- _AIM OF THE TASK_:
Report each line from the records where the string "typeface" turns up.

————

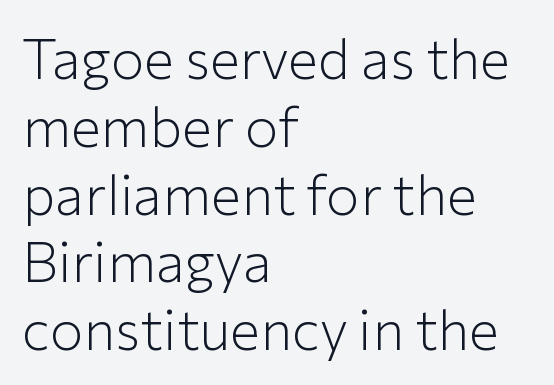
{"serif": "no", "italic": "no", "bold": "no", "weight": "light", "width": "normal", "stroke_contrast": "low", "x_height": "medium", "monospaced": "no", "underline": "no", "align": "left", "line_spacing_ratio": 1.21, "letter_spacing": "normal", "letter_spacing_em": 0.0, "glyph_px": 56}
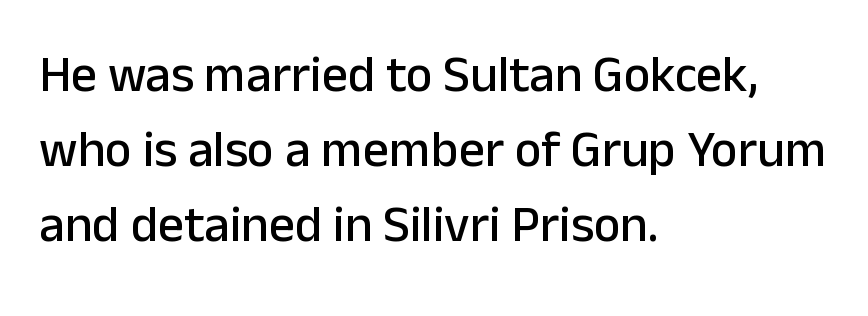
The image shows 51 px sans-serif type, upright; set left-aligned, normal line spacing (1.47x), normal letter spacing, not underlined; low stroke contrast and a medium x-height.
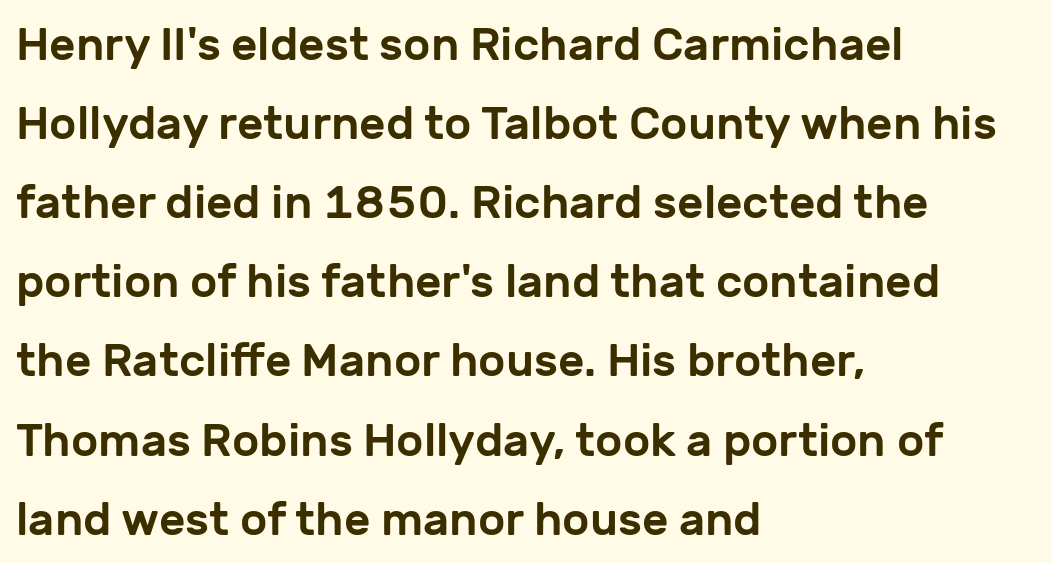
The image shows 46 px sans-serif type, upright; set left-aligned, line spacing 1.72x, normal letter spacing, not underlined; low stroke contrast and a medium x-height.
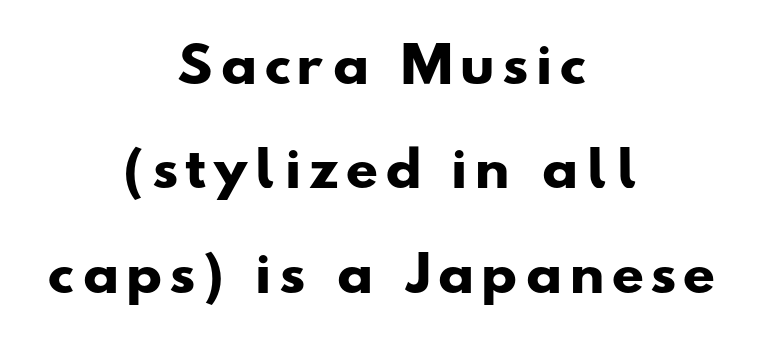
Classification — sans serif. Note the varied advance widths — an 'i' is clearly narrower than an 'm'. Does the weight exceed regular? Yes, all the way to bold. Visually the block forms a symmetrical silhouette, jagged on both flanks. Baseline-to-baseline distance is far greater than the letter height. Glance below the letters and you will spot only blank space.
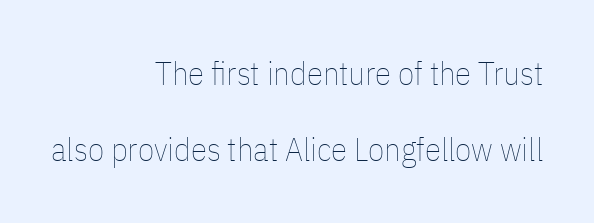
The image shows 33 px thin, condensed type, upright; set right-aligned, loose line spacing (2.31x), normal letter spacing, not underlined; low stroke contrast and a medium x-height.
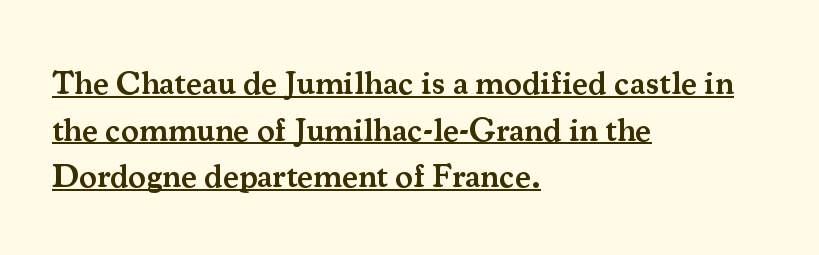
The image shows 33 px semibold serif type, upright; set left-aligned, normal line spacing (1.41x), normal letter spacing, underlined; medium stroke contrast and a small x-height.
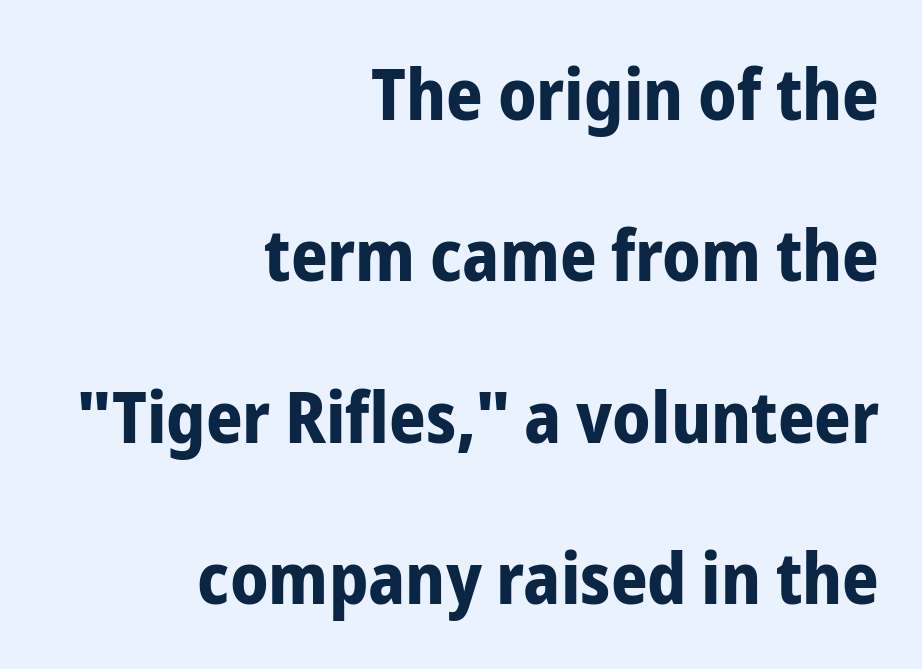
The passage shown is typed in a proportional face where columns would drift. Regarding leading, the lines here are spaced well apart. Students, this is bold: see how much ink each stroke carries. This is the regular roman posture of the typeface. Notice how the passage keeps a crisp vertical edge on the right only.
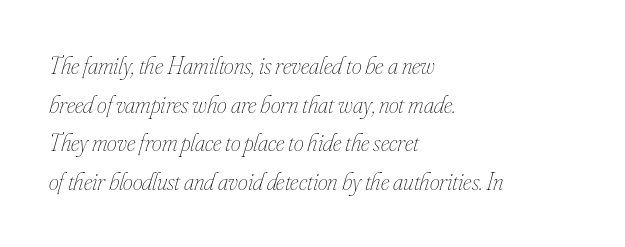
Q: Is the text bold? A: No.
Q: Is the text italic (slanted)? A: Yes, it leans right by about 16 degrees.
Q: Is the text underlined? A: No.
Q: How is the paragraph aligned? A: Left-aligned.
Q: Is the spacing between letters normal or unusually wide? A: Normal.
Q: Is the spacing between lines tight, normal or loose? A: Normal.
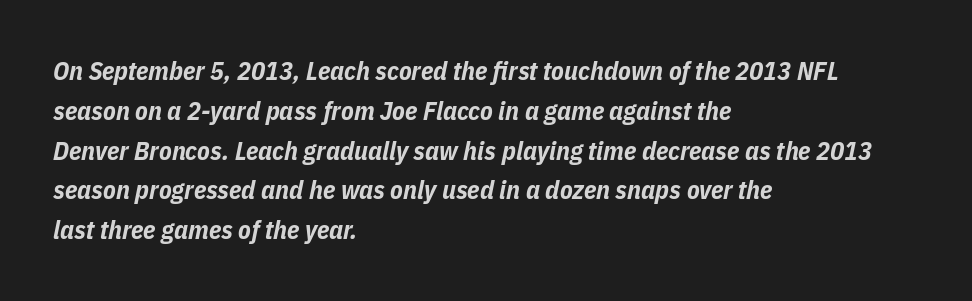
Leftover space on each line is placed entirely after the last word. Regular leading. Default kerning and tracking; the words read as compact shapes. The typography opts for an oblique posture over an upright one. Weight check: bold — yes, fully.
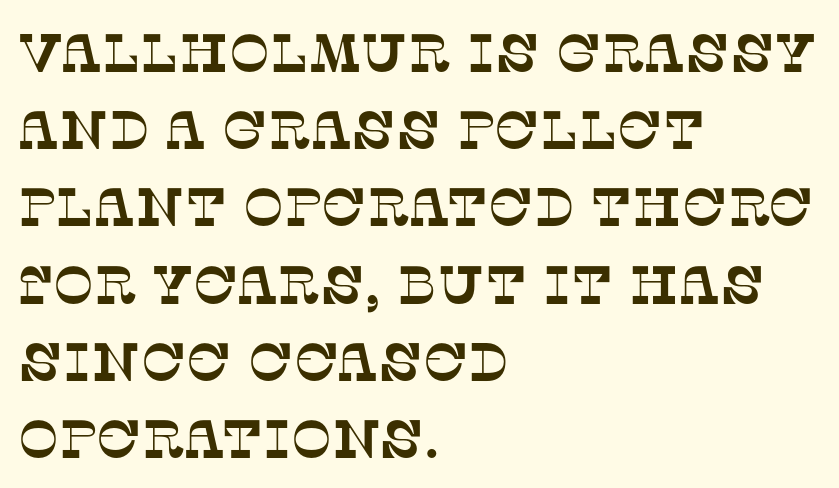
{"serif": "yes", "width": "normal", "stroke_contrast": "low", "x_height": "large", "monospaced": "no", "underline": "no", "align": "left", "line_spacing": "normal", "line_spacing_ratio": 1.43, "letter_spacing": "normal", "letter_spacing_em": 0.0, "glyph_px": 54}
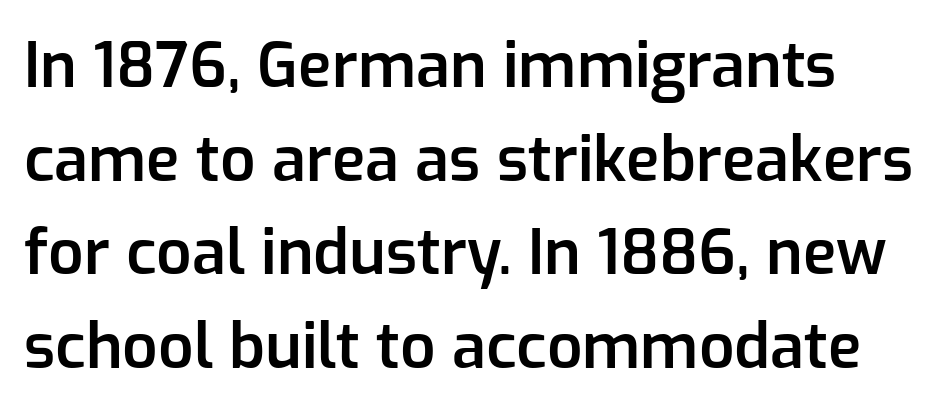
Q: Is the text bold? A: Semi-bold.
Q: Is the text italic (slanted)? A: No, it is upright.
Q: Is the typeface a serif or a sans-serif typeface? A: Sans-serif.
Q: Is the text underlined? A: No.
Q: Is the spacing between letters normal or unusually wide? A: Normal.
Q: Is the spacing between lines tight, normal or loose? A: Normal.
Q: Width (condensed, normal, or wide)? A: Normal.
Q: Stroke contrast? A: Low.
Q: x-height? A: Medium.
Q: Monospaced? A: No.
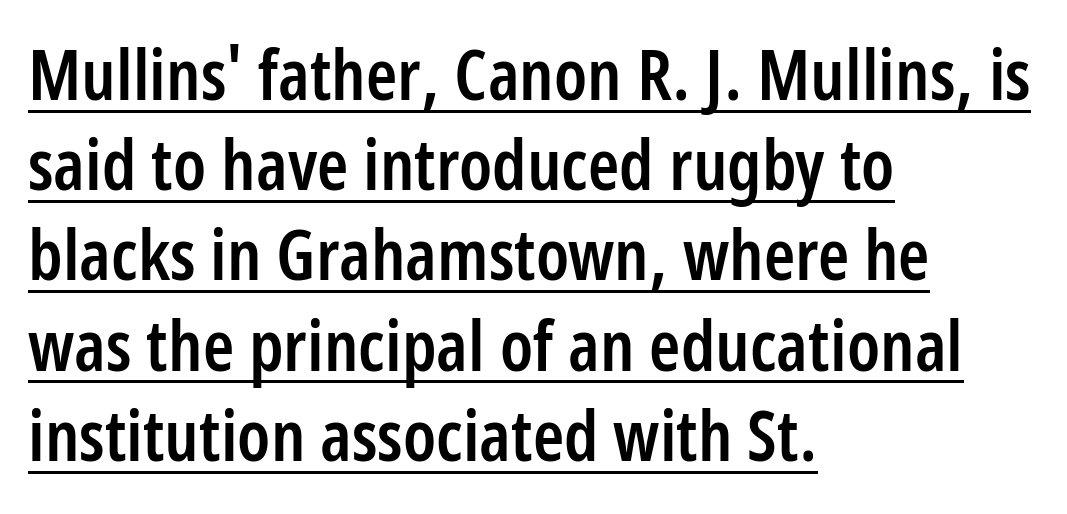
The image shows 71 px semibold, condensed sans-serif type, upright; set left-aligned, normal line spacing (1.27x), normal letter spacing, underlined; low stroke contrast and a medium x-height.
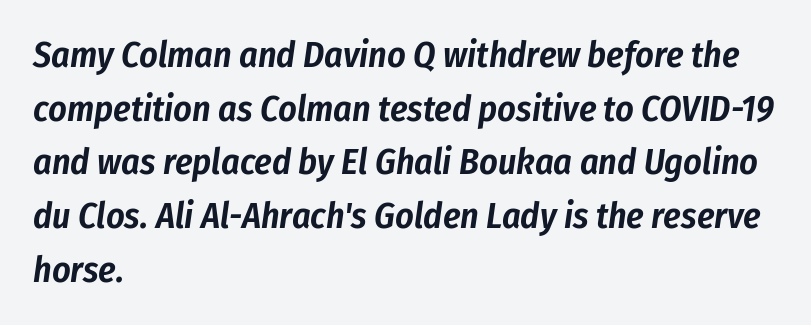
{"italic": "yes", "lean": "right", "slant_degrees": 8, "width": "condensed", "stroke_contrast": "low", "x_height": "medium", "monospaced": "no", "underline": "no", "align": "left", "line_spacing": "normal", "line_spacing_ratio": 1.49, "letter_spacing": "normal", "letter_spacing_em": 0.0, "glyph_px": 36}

————

- _SOLUTION TO THE PROBLEM_:
The passage shown is typed in a proportional face where columns would drift. Regarding leading, the lines here are spaced well apart. Students, this is bold: see how much ink each stroke carries. This is the regular roman posture of the typeface. Notice how the passage keeps a crisp vertical edge on the right only.
Q: Is the typeface a serif or a sans-serif typeface? A: Sans-serif.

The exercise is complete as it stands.